Procédure devant la Cour :
Par une requête et un mémoire en réplique, enregistrés respectivement le 18 décembre 2015 et le 5 septembre 2016, la société Editions Larousse, représentée par Me Bordier, demande à la Cour :
1°) d'annuler le jugement n° 1409202/3-2 du 20 octobre 2015 du Tribunal administratif de Paris en tant qu'il n'a pas fait droit à ses conclusions tendant à l'annulation de la décision du 27 mars 2014 du ministre du travail, de l'emploi, de la formation professionnelle et du dialogue social d'inaptitude de Mme B...à son poste de chef de fabrication au sein de la société Editions Larousse ;
2°) d'annuler, pour excès de pouvoir, la décision du 27 mars 2014 du ministre du travail, de l'emploi, de la formation professionnelle et du dialogue social en ce qu'elle a déclaré Mme B...inapte à son poste de chef de fabrication et à tout poste au sein des éditions Larousse ;
3°) de déclarer Mme B...apte à son poste de chef de fabrication et, le cas échéant, d'ordonner avant-dire-droit une expertise médicale de Mme B...;
4°) de mettre à la charge de la ministre du travail, de l'emploi, de la formation professionnelle et du dialogue social le versement de la somme de 2 000 euros sur le fondement de l'article L. 761-1 du code de justice administrative.
Elle soutient que :
- le tribunal administratif a omis de statuer sur le moyen, qui était de nature à entraîner une annulation totale de la décision attaquée, tiré de ce que la procédure suivie par l'administration préalablement à l'édiction de la décision litigieuse avait été viciée en ce qu'elle n'avait pas respecté le principe du contradictoire et en ce qu'aucune étude de poste n'avait été réalisée préalablement à la déclaration d'inaptitude par l'inspecteur du travail ;
- la procédure suivie par l'administration préalablement à l'édiction de la décision litigieuse a été viciée en ce qu'elle n'avait pas respecté le principe du contradictoire ;
- aucune étude de poste n'a été réalisée préalablement à la déclaration d'inaptitude par l'inspecteur du travail, en méconnaissance des dispositions de l'article R. 4624-31 du code du travail ;
- la décision attaquée est entachée d'une erreur de fait en ce que la dégradation alléguée de l'état de santé de Mme B...ne correspond pas à la réalité et que les éléments de nature médicale ne démontrent pas son inaptitude ;
- la décision attaquée est entachée d'une erreur manifeste d'appréciation de la situation de MmeB..., dès lors que le calendrier et le contexte des visites et arrêts médicaux ont été très étudiés par l'intéressée et résultent d'une instrumentalisation par Mme B...de la procédure d'inaptitude ;
- si la cour ne reconnaissait pas l'aptitude de MmeB..., elle pourrait ordonner avant-dire-droit une expertise médicale sur la personne de Mme B...afin de recueillir un avis tiers sur son état de santé et, partant, sur son aptitude à accomplir ses fonctions au sein des Editions Larousse.
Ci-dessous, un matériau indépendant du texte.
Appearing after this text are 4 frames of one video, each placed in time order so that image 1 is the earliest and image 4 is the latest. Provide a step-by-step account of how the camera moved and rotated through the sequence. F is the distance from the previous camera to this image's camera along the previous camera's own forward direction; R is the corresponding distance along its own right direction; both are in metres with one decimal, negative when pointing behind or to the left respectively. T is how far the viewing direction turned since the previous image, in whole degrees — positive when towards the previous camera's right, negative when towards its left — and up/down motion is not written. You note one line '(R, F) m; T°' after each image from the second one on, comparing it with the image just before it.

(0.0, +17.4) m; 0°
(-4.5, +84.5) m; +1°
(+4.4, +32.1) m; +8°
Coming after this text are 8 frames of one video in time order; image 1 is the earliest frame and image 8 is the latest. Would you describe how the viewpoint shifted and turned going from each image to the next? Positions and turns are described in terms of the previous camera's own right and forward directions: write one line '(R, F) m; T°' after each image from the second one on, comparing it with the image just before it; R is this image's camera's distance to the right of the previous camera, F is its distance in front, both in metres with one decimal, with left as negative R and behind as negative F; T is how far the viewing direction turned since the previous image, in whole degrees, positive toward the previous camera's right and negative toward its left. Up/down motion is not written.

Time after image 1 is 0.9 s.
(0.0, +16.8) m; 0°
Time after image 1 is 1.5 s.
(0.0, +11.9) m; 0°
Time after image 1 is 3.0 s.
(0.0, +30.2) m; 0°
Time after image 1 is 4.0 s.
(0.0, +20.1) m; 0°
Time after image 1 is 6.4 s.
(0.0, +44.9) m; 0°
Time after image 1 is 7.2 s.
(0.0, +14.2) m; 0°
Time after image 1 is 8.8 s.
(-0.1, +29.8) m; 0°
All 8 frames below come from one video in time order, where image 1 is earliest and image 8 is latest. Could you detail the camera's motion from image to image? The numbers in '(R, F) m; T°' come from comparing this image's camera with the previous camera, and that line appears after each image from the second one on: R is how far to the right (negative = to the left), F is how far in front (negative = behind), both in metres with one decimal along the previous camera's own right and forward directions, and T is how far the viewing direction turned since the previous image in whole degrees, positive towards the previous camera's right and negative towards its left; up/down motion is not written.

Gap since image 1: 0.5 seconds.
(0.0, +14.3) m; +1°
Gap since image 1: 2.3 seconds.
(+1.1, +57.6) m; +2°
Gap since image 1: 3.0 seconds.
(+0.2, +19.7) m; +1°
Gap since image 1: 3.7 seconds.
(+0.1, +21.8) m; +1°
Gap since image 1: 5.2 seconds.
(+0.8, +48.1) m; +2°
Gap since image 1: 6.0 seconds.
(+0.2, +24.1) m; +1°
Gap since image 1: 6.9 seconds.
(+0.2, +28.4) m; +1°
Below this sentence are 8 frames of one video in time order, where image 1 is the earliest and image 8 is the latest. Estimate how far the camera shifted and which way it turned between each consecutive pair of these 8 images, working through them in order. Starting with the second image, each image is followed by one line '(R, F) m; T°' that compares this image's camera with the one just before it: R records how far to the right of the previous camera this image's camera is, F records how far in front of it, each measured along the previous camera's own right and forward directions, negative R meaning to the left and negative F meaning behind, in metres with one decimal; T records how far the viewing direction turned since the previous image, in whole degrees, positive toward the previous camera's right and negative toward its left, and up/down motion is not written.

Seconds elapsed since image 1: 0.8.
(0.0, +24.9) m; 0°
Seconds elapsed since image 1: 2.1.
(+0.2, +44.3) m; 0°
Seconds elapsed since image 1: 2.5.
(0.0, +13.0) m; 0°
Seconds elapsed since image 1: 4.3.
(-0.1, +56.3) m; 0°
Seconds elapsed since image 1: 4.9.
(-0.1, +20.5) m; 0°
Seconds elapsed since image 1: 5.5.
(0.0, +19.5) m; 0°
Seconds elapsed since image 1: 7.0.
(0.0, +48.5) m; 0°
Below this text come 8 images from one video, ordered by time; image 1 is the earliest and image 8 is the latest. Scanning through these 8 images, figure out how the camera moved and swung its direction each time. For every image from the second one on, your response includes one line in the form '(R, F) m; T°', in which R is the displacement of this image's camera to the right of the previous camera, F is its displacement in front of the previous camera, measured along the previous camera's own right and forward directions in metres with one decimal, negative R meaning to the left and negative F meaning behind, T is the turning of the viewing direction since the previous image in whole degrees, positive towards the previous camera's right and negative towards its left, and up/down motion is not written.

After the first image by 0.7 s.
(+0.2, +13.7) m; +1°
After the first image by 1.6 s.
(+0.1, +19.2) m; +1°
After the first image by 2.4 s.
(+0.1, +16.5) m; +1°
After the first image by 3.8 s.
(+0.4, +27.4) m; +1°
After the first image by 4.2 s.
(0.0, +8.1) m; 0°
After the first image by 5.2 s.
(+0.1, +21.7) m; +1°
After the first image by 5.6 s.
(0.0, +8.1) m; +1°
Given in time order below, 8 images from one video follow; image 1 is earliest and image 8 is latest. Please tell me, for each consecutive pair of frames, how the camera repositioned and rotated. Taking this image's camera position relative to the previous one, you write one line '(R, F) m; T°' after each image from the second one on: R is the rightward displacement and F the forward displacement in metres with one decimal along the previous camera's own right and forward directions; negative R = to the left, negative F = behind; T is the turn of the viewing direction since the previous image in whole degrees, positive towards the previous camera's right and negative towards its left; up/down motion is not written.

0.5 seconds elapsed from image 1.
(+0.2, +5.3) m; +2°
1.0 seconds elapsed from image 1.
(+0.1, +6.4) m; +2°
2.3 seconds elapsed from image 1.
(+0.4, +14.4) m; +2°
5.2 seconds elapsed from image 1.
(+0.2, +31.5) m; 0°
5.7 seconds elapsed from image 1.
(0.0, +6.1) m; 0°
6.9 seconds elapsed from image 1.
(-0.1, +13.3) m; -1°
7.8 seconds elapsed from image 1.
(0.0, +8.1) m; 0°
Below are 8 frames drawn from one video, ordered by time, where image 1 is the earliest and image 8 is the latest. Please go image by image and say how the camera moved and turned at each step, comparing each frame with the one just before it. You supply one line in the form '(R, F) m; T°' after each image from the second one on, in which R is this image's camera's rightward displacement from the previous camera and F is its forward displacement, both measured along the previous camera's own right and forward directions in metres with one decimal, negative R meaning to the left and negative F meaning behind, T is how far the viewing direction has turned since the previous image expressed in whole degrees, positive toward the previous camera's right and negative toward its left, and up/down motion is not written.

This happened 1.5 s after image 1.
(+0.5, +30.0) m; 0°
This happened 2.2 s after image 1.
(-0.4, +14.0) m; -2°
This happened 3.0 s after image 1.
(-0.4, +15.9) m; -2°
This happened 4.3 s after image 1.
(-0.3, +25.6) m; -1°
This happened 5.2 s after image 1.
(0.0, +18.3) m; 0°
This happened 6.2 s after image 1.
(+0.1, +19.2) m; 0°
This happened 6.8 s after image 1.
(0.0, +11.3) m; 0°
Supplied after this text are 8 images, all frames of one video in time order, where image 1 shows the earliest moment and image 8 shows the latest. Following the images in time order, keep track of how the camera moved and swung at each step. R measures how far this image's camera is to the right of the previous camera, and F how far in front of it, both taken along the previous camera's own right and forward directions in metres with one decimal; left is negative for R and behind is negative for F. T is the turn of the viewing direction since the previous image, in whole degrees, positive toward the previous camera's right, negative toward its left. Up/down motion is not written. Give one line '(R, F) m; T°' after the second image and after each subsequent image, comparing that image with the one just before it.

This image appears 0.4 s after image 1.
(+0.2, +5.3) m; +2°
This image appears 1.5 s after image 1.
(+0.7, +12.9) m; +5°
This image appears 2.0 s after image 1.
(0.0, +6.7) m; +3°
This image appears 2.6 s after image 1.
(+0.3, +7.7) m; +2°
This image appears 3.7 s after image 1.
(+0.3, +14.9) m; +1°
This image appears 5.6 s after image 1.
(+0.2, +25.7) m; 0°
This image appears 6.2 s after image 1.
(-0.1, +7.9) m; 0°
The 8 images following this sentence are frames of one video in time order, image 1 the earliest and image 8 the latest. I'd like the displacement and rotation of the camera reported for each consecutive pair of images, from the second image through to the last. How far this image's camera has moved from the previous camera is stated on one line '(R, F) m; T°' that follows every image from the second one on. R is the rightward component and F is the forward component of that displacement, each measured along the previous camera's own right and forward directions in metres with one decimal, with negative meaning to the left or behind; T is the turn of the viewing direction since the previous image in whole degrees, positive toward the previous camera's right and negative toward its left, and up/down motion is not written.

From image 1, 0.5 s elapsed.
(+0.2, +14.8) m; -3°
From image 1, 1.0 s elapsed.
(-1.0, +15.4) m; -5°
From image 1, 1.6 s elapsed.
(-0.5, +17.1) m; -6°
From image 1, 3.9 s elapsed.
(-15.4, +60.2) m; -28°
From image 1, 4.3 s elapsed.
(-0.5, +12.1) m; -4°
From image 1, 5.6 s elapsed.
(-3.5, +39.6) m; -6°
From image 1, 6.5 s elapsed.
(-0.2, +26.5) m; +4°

Par un mémoire en défense, enregistré le 18 juillet 2016, Mme A...B..., représentée par Me Arnaud, conclut, d'une part, au rejet de la requête ; à cette fin, elle soutient que les moyens soulevés par la société Editions Larousse ne sont pas fondés.
D'autre part, par la voie de l'appel incident, Mme B...conclut à ce que le jugement attaqué soit annulé en tant qu'il a annulé la décision d'inaptitude définitive au sein de tout poste dans l'entreprise ; à cette fin, elle soutient que l'organisation du travail est défectueuse dans l'entreprise en ce qu'aucun système de vérification de la durée du travail n'a été mis en place, que la société Editions Larousse vise au départ de tous les salariés de plus de cinquante-cinq ans et que cette même société n'a pas recherché une solution de reclassement dans l'entreprise.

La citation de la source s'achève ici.